Exercise prompt: Could you report every line of the listing below that holds the word "measured"?
──────────
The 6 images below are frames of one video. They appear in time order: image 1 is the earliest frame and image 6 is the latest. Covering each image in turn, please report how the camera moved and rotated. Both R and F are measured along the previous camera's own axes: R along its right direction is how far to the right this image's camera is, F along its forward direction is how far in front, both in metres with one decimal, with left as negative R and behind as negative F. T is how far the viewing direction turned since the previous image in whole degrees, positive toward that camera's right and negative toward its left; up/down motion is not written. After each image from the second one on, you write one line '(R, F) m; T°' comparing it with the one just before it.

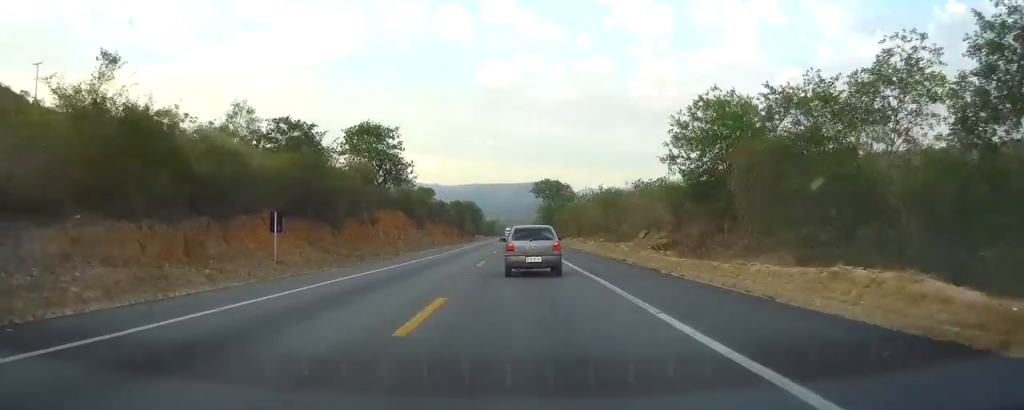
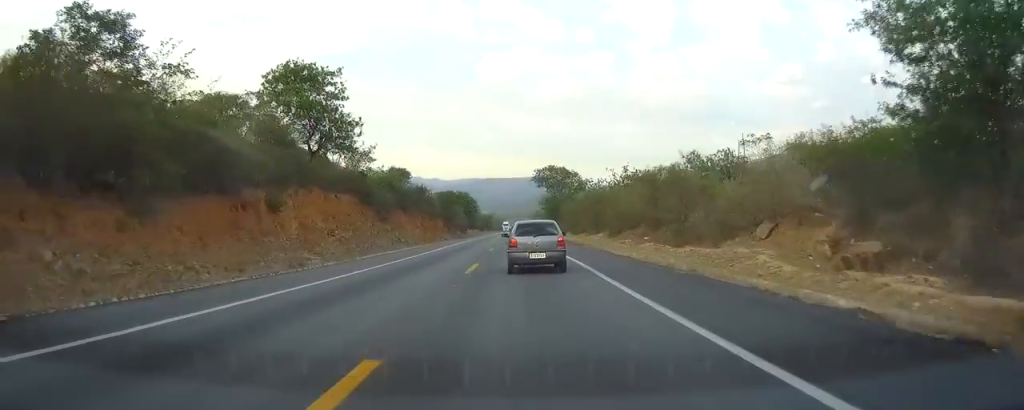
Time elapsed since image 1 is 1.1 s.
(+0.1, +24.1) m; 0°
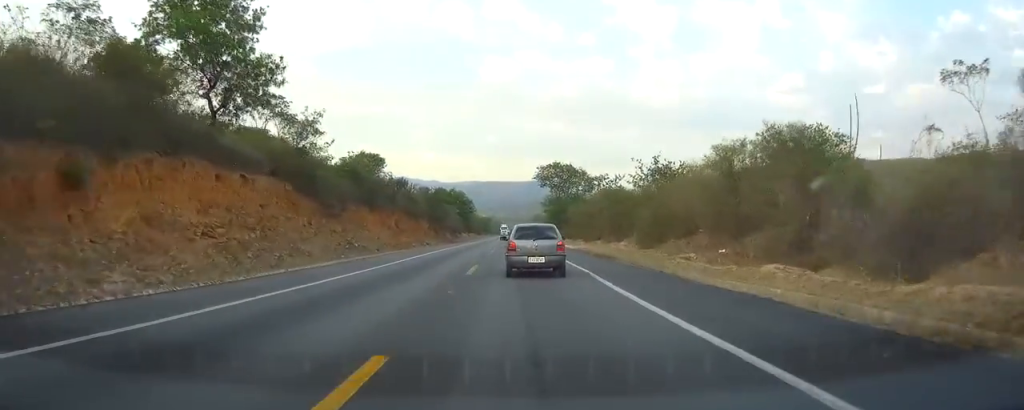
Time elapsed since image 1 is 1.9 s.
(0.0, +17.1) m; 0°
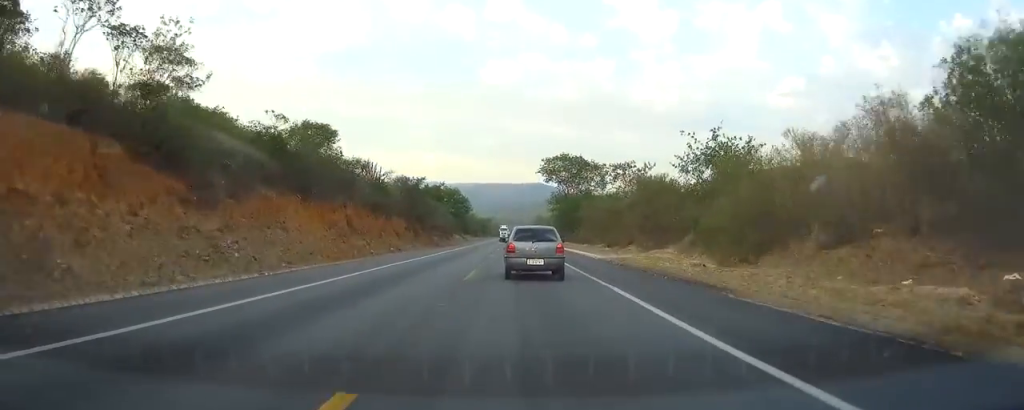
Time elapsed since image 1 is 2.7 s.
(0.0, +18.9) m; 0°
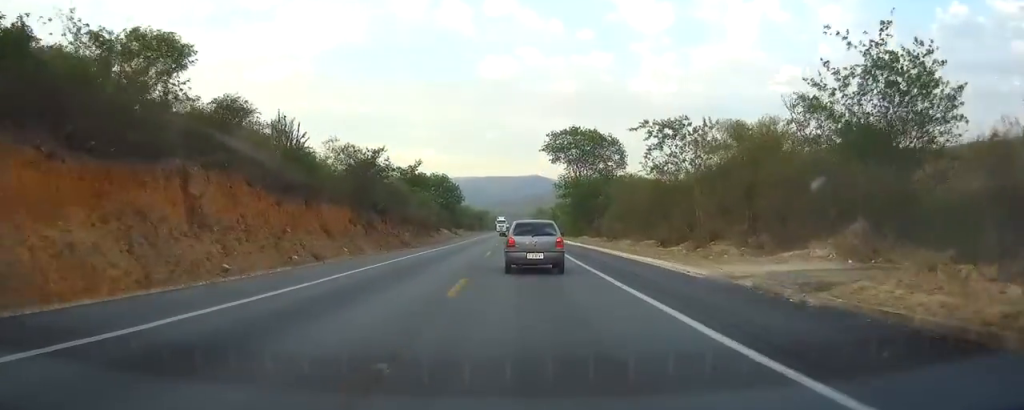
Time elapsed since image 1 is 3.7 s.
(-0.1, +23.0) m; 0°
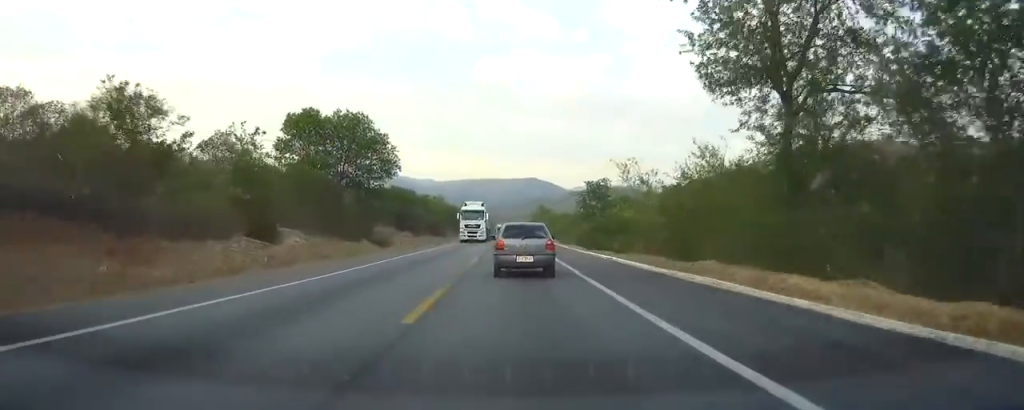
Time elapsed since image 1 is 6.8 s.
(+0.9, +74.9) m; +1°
──────────
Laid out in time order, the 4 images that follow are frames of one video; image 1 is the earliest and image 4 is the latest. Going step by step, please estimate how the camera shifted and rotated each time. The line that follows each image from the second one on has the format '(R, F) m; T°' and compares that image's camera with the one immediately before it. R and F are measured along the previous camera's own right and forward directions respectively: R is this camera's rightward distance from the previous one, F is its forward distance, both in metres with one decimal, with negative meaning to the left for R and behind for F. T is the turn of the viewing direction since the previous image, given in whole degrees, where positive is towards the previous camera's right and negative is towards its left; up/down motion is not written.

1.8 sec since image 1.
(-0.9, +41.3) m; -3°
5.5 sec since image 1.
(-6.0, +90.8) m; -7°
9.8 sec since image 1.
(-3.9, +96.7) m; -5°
──────────
Exercise output:
The 6 images below are frames of one video. They appear in time order: image 1 is the earliest frame and image 6 is the latest. Covering each image in turn, please report how the camera moved and rotated. Both R and F are measured along the previous camera's own axes: R along its right direction is how far to the right this image's camera is, F along its forward direction is how far in front, both in metres with one decimal, with left as negative R and behind as negative F. T is how far the viewing direction turned since the previous image in whole degrees, positive toward that camera's right and negative toward its left; up/down motion is not written. After each image from the second one on, you write one line '(R, F) m; T°' comparing it with the one just before it.
Laid out in time order, the 4 images that follow are frames of one video; image 1 is the earliest and image 4 is the latest. Going step by step, please estimate how the camera shifted and rotated each time. The line that follows each image from the second one on has the format '(R, F) m; T°' and compares that image's camera with the one immediately before it. R and F are measured along the previous camera's own right and forward directions respectively: R is this camera's rightward distance from the previous one, F is its forward distance, both in metres with one decimal, with negative meaning to the left for R and behind for F. T is the turn of the viewing direction since the previous image, given in whole degrees, where positive is towards the previous camera's right and negative is towards its left; up/down motion is not written.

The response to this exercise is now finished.